Based on the large series of experiments focused on the potential impact of the variants, on the overall function of the AIRE protein, and on the localization in the CARD or PHD domains, it was possible to classify the mutations in two different groups:

i.

Recessive, mostly located in the CARD/HSR domain with a direct impact on the homo-tetramerization of the complex; mutations falling in this group cause a “classic phenotype”;

ii.

Dominant-negative, mostly located in the PHD1 domain and affecting the transactivation-transcription function; mutations falling in this group cause a, often, milder “non-classical phenotype” [9].

4.4. Genetic Analysis as Helpful Tool for a Definitive Diagnosis

With regard to the work here reported, the role of the NGS was decisive in both the cases that were featured by a not clear, unequivocal clinical landscape. Instead, in family 1, the proband and his sister showed only one sign of the classic triad (the CH); actually, the sister also manifested the cutaneous rush, that, however, was observed in selected American cohorts and considered part of the disorder by some authors only [24]. Thus, although a suspect of APS-1 was raised, the genetic confirm with the identification of the compound heterozigosity was mandatory for a definitive diagnosis. Similarly, the proband of family 2 did present with early onset CH without other signs. Instead, only after the genetic test, and a further dermatological investigation that revealed MC and psoriasis, 14 years after the first manifestation, a conclusive diagnosis of APS-1 was established. We can add, in this latter case, that, in accord with the late onset of other symptoms, we cannot rule out that other physiological compensatory mechanisms or genetic modifiers (as previously supposed) could contribute to the late penetrance associated to this variant [13] and to the apparently healthy state of the father. This would be also in line with the great variability of phenotypic manifestation accompanying this disease.

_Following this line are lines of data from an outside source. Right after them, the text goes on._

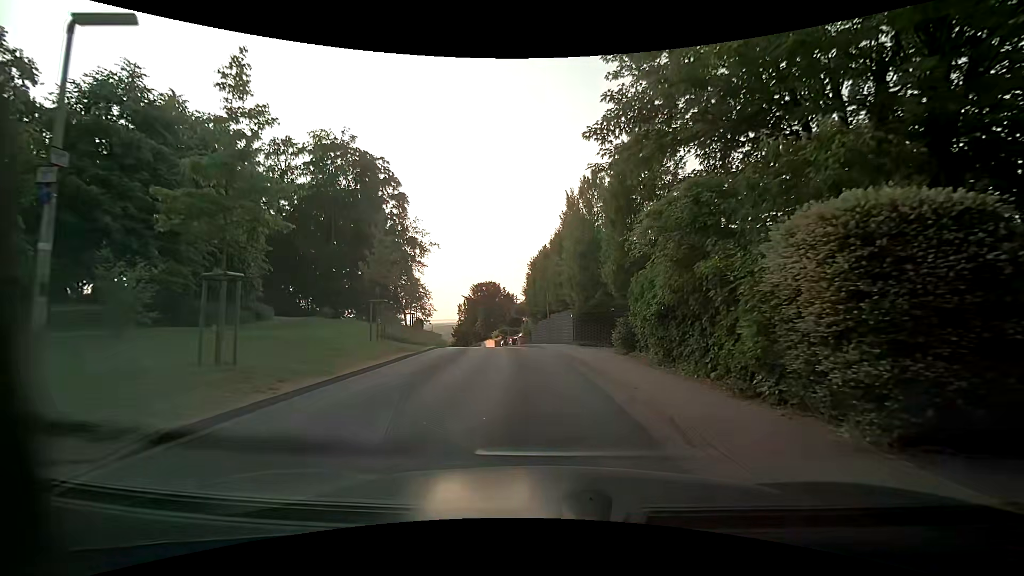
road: residential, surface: asphalt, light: Day
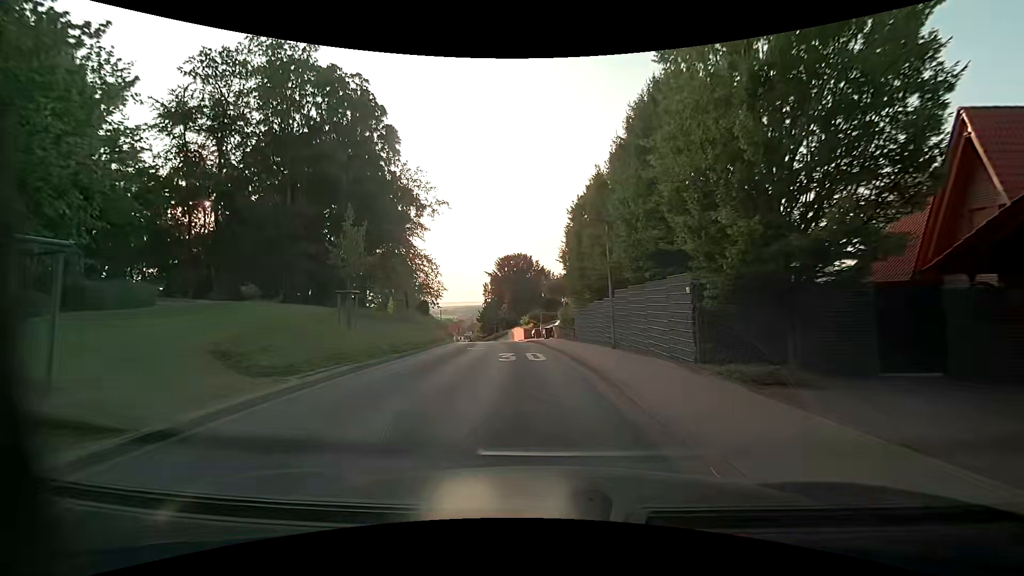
(-0.4, +17.1) m; -3°
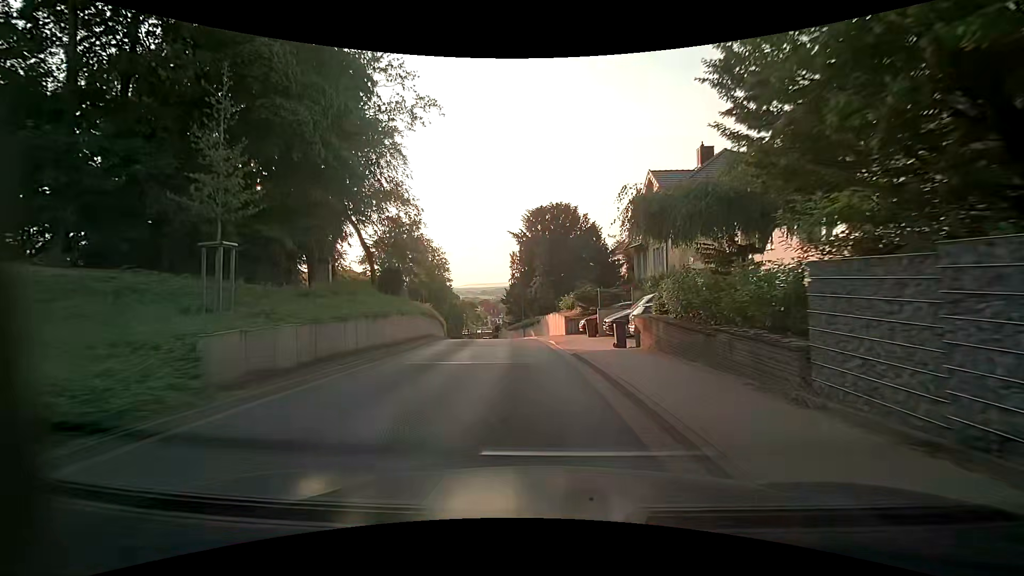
(-1.1, +21.6) m; -5°
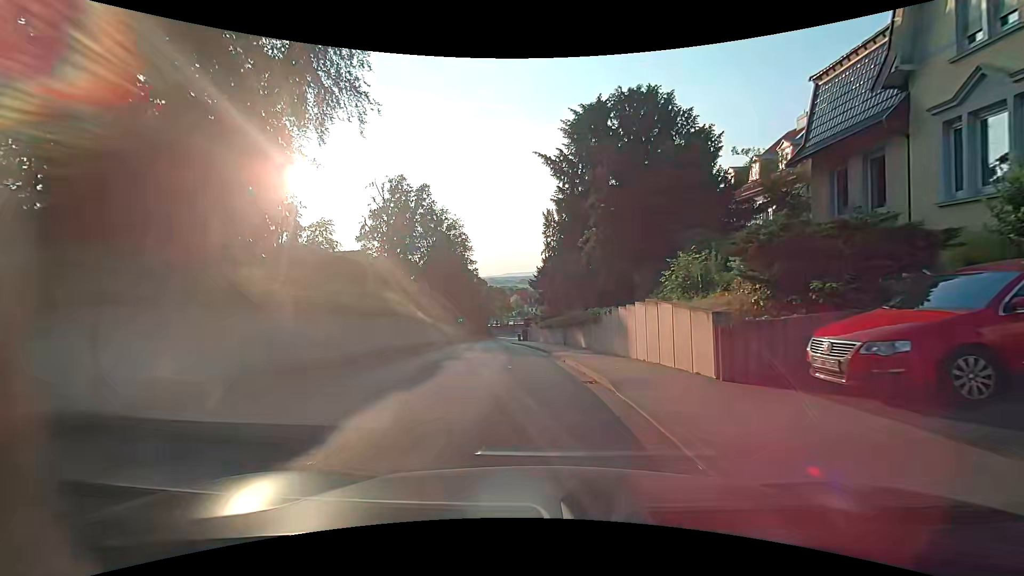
(-0.7, +21.2) m; -4°
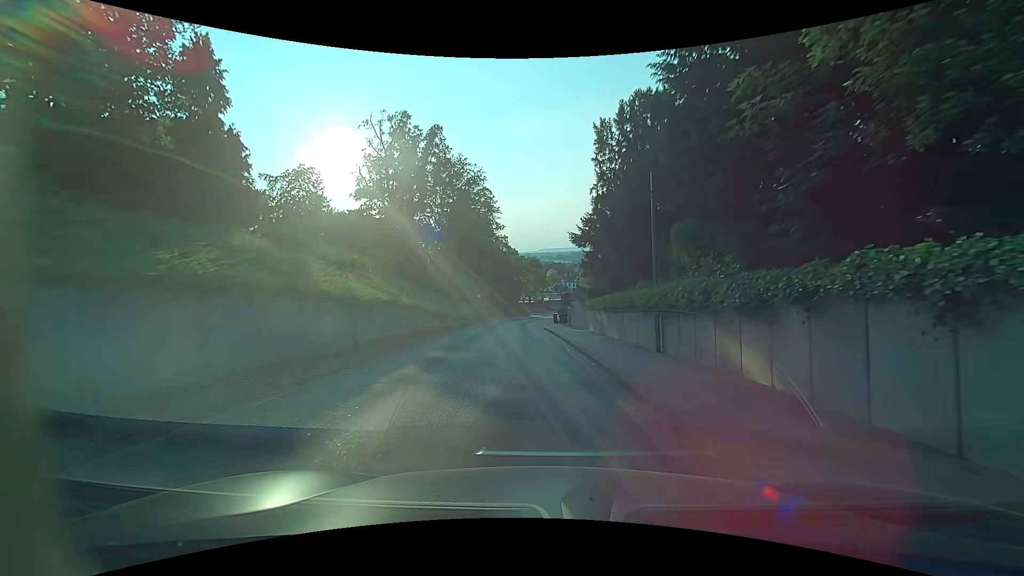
(-0.6, +15.6) m; -5°
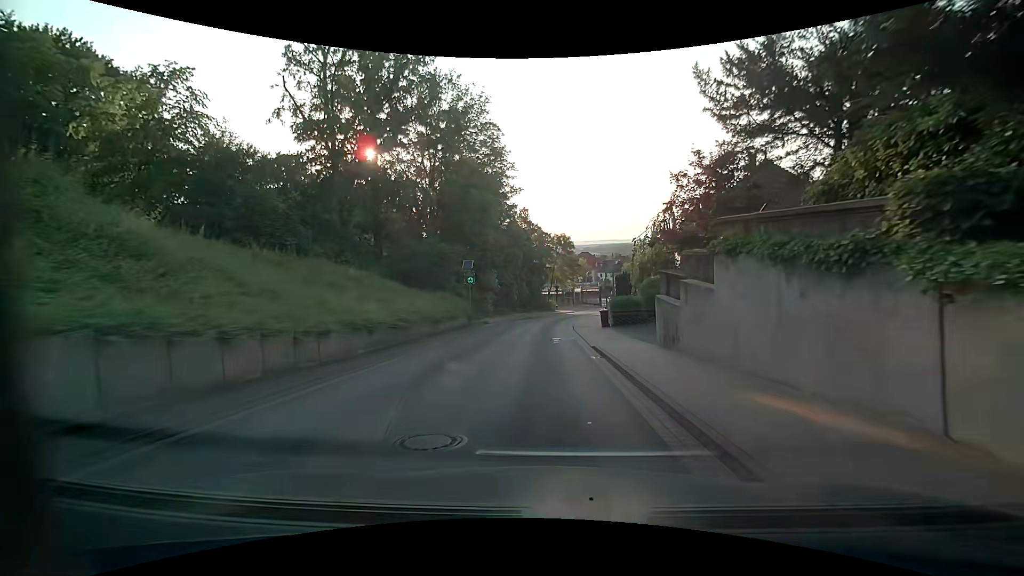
(-0.6, +21.9) m; -4°
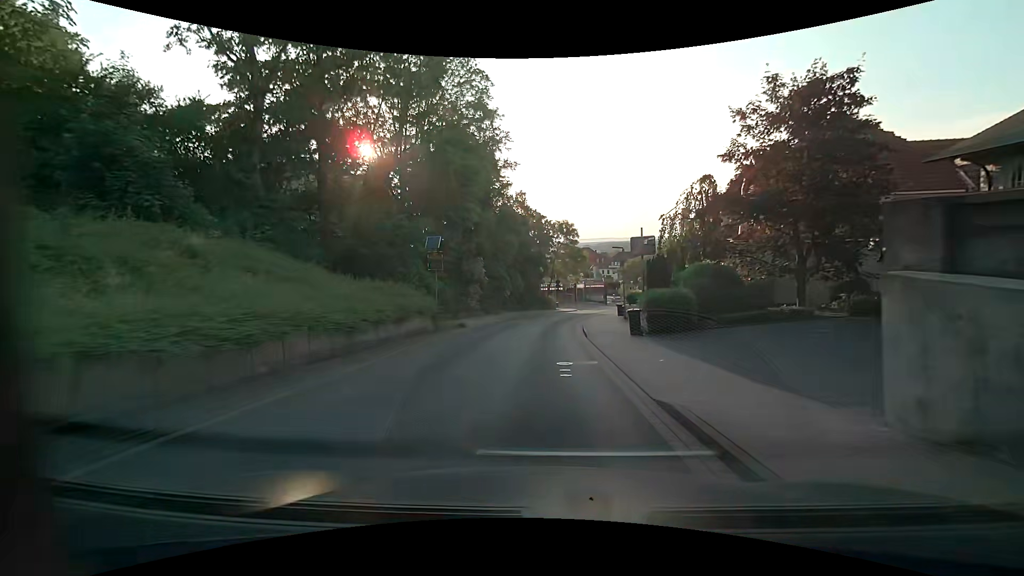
(+0.1, +9.5) m; +1°
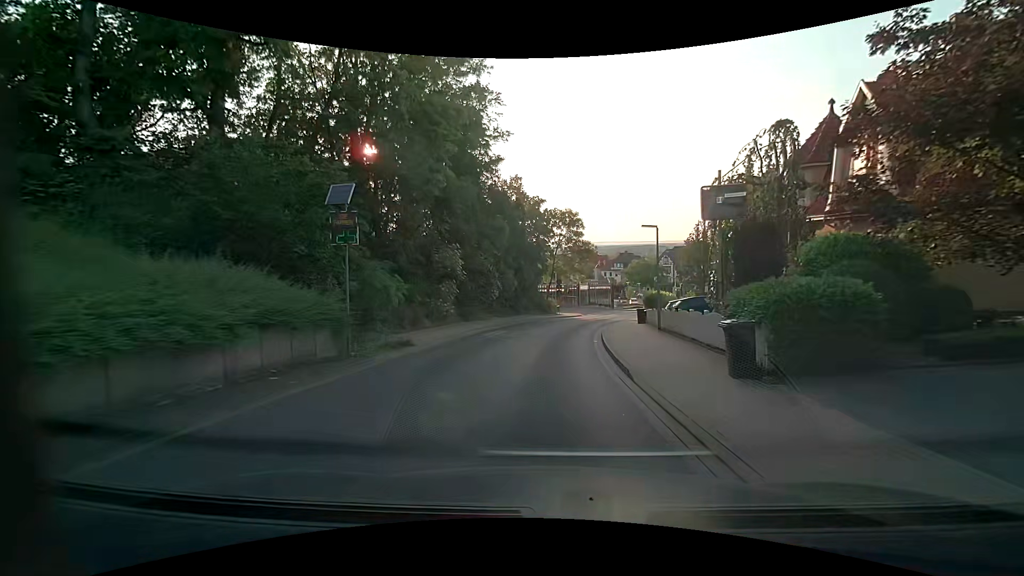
(+0.1, +9.7) m; 0°
(0, +10) (+1, +20) (+2, +30) (+4, +40) (+6, +49) (+9, +59) (+14, +68) (+19, +76) (+25, +85) (+30, +93) m

Our results stress the use of NGS in helping the clinical APS-1 diagnostic approach, mostly in patients manifesting a not classic phenotype that, as reported above, might represent up to 80% of the cases [24]. In this view, the molecular confirmation by multigene panels intersecting individual’s clinical presentation becomes of paramount importance in accelerating the diagnosis and, in turn, the early correct patient management in order to avoid the worsening of the symptoms.

5. Conclusions

We report on a novel compound heterozygote and on a dominant negative mutation of the AIRE gene in patients affected by atypical APS-1 forms. Our work enlarges the mutational spectrum of the AIRE gene and confirms inheritance heterogeneity at the same locus for APS-1, as well as demonstrating the utility of NGS in the early diagnosis of this disorder.